»Wie ich es sage«, entgegnete Frauke. »Es klappt einfach nicht mit uns. Ich brauche etwas . . . Raum für mich. Und will dir auch welchen geben, um darüber nachzudenken, was werden soll.«

Ein Unterkiefer war dazu gemacht, herunterzuklappen, richtig? Danis tat es jedenfalls. Dann fing sie ihn wieder ein. »Was werden soll?«, wiederholte sie. »Mit uns?«

»Ja.« Frauke nickte. »Wenn wir kein Paar mehr sind, muss ja einiges geregelt werden. Aber das hat keine Eile.«

Es war wirklich schwierig für Dani, ihren Unterkiefer oben zu halten. »Was . . . Was ist los?«, stammelte sie. »Hast du eine andere?«

»Nein.« Frauke schüttelte den Kopf. »Darum geht es nicht.«

Für ein paar Minuten saß Dani am Boden zerstört da und starrte nur die Tischdecke an, dann hob sie den Kopf und sah Frauke ins Gesicht. »Und du dachtest nicht, dass du vielleicht mal mit mir darüber reden solltest? Nach vierzehn Jahren? Wir sind heute seit vierzehn Jahren zusammen!«

Langsam nickte Frauke. »Ja, mein Geburtstag war immer schon ein schwieriger Tag für mich.«

Dani fasste es nicht. »Das ist das Einzige, was du dazu zu sagen hast?«

»Ich gehe jetzt«, sagte Frauke und stand auf. »Es tut mir leid, Dani. Aber es hat keinen Sinn, Vergangenem nachzutrauern. Wir müssen in die Zukunft sehen. Du und ich. Beide.«

Sie beugte sich herunter und hauchte einen Kuss auf Danis kalte Lippen, dann ging sie.
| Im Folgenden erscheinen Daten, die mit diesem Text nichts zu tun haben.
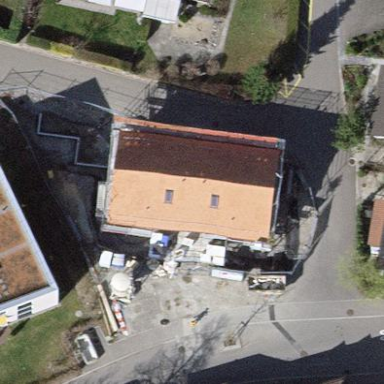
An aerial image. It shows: Gabled roof on building that houses apartments.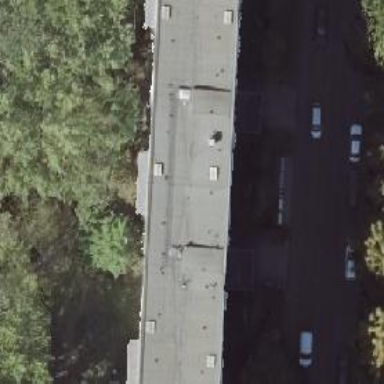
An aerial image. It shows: Flat-roofed apartment building.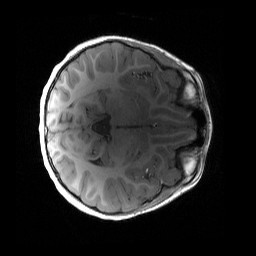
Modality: T1w
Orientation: axial
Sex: female
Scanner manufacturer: siemens
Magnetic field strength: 3 T
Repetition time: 1.9 s
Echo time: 0.00243 s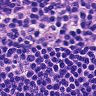
Metastatic tissue present: no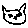
Label: cat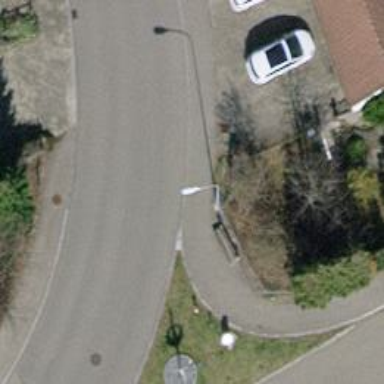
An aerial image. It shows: Brown bench.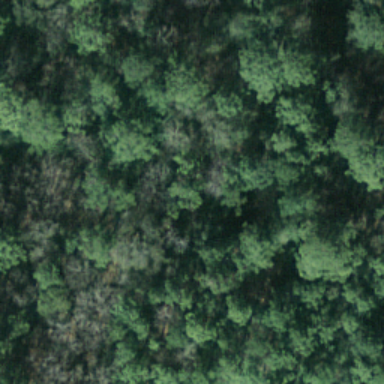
This is a dense forest with emerald green plants .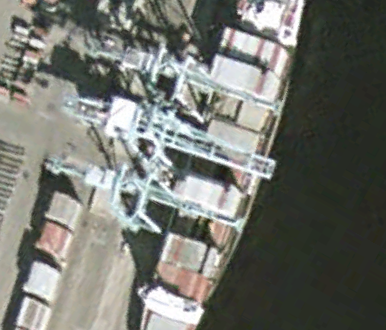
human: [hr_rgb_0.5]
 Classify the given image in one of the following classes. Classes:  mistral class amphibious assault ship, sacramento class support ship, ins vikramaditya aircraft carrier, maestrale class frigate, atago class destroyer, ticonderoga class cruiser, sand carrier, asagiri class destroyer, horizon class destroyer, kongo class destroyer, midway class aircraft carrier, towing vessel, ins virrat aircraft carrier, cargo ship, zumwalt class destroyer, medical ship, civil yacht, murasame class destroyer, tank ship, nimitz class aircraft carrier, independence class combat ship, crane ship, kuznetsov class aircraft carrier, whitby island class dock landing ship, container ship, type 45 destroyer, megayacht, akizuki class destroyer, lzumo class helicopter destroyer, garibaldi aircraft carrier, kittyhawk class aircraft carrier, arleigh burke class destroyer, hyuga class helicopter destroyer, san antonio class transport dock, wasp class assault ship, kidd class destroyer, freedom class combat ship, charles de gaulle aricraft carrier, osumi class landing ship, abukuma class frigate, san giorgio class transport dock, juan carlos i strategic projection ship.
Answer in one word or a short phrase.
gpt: Container ship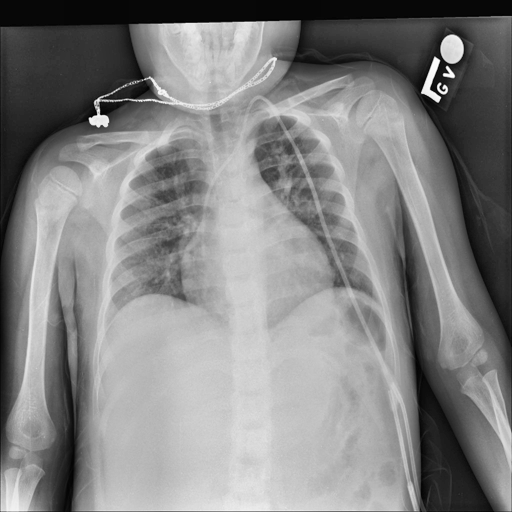
Finding: NORMAL
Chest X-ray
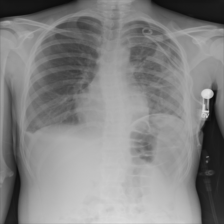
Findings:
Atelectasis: negative
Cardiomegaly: negative
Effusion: positive
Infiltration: negative
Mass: negative
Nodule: negative
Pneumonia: negative
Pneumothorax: positive
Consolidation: negative
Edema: negative
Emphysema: negative
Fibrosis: negative
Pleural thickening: negative
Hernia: negative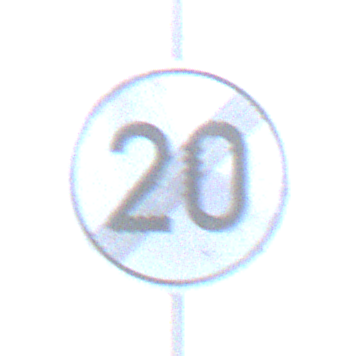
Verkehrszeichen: EndeGeschwindigkeit20
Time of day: SunriseSunset
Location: Outdoor (Nature)
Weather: PartlyCloudy
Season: NotSpecified
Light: Natural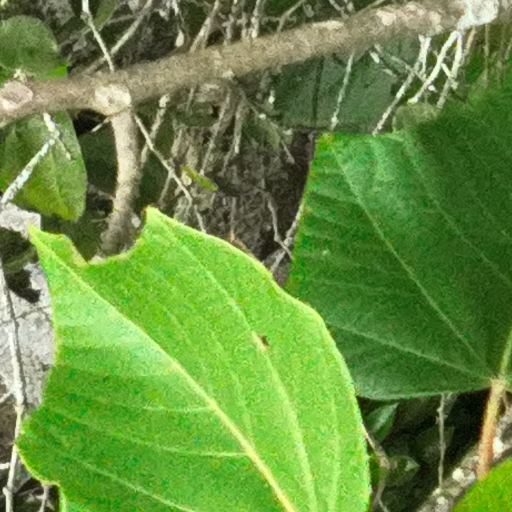
Species: Ochroma pyramidale
GBIF accepted scientific name: Ochroma pyramidale
Crown area (m\u00b2): 352.375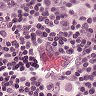
Metastatic tissue present: yes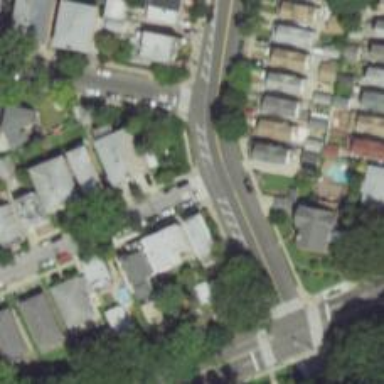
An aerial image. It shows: Road with stop sign.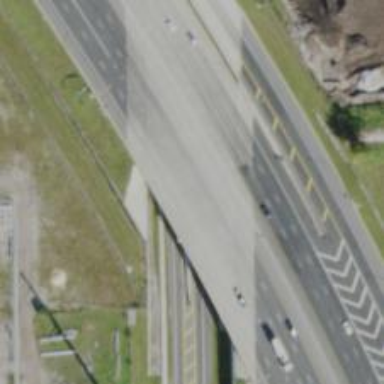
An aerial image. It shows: Motorway bridge.
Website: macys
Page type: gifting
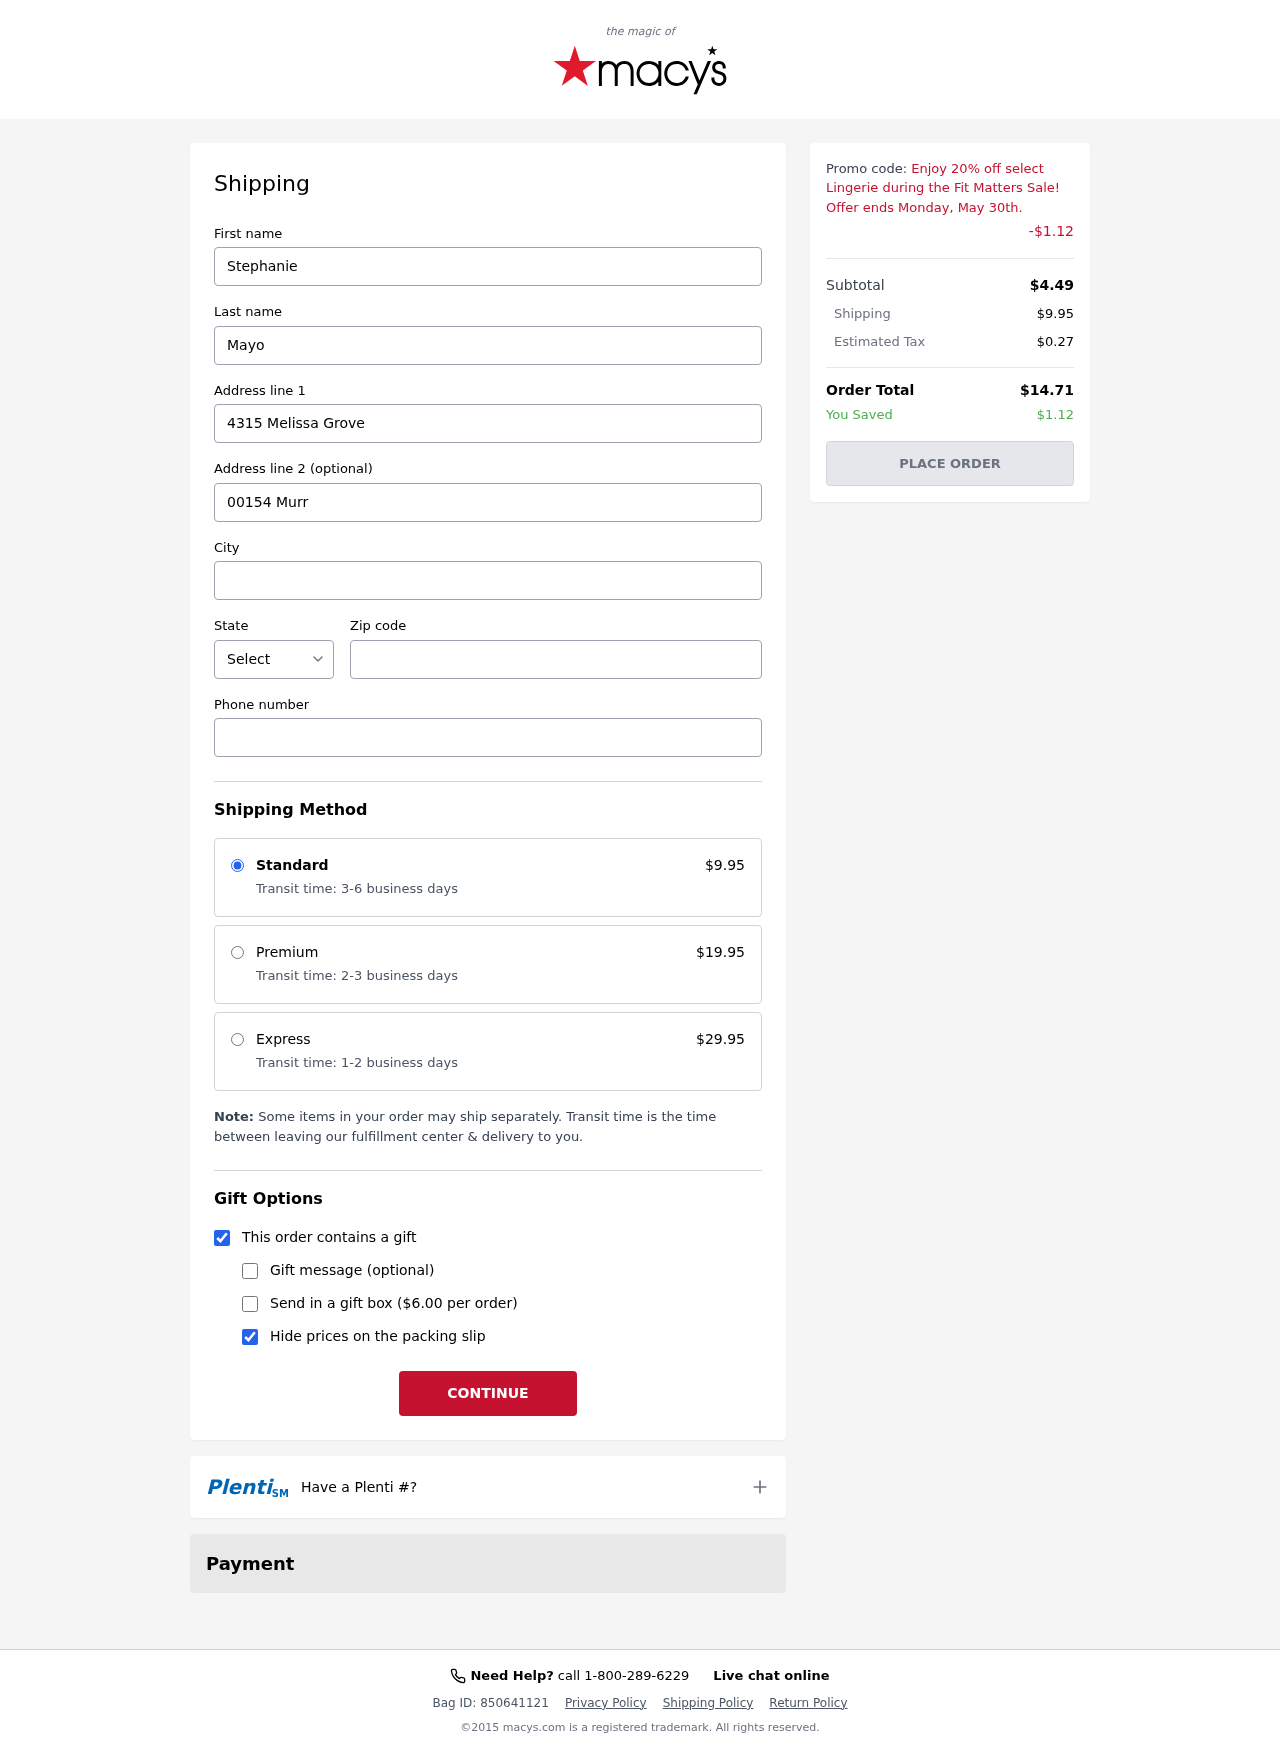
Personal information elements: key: PII_CITY
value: Sandrafurt
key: PII_FIRSTNAME
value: Stephanie
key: PII_LASTNAME
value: Mayo
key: PII_PHONE
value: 6482522873
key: PII_POSTCODE
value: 15721
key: PII_STATE_ABBR
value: HI
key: PII_STREET
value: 4315 Melissa Grove
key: PII_STREET2
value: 00154 Murray Motorway
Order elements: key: ORDER_SHIPPING_COST
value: $9.95
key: ORDER_DISCOUNT
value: -$1.12
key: ORDER_SUBTOTAL
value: $4.49
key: ORDER_TAX
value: $0.27
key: ORDER_TOTAL
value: $14.71
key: ORDER_SAVINGS
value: $1.12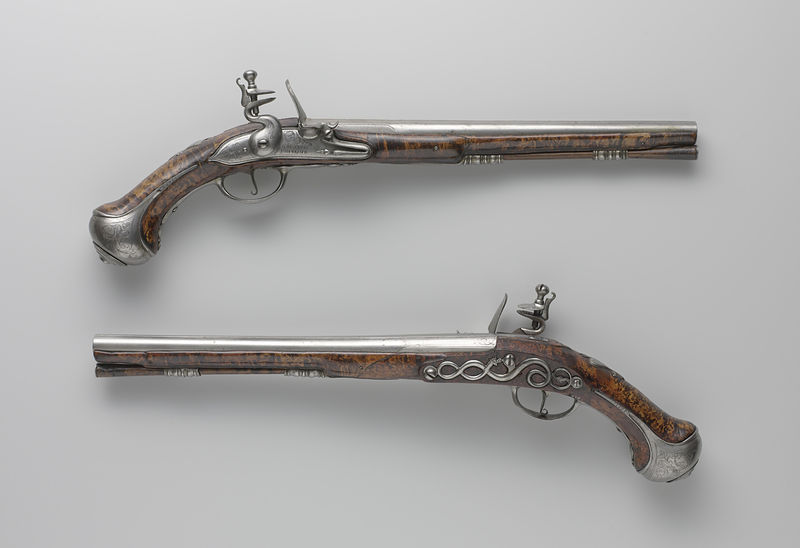
Titel: Vuursteenpistool
Künstler: G. de Trois Fontaines
Standort: Amsterdam
Institution: Rijksmuseum
Schlagwörter: fancy, two, wood, silver, metal, scroll, pair, long, civil war, pistols, gun, pin, barrel, muzzle, trigger, handle, pistol, revolvers, burl
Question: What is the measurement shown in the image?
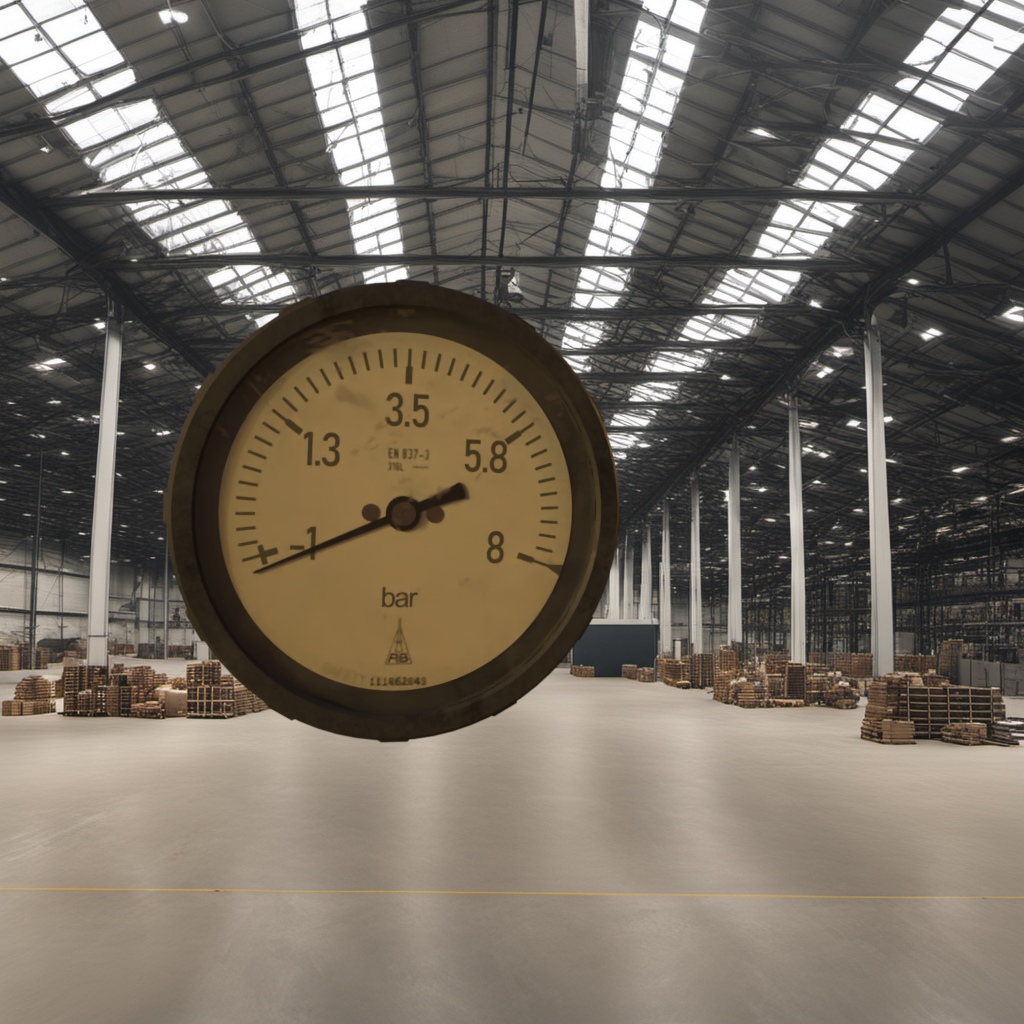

Dani wollte ihr hinterherlaufen, doch obwohl sie das wollte, fühlte sie sich so, als wäre sie an ihren Stuhl gefesselt, konnte nicht aufstehen. Ihre Beine gehorchten ihr nicht.

»Wo ist Frauke hingegangen?«

Nach einer endlos langen Zeitspanne, von der Dani nicht sagen konnte, wie lange sie gedauert hatte, hörte sie Manus Stimme.

»Wann kommt sie wieder?«

»Gar nicht.« Danis Stimme war so leise, dass sie die Musik nicht übertönen konnte.

»Was?« Manu beugte sich zu ihr. »Was hast du gesagt?« Sie brachte ihr Ohr nah an Danis Mund.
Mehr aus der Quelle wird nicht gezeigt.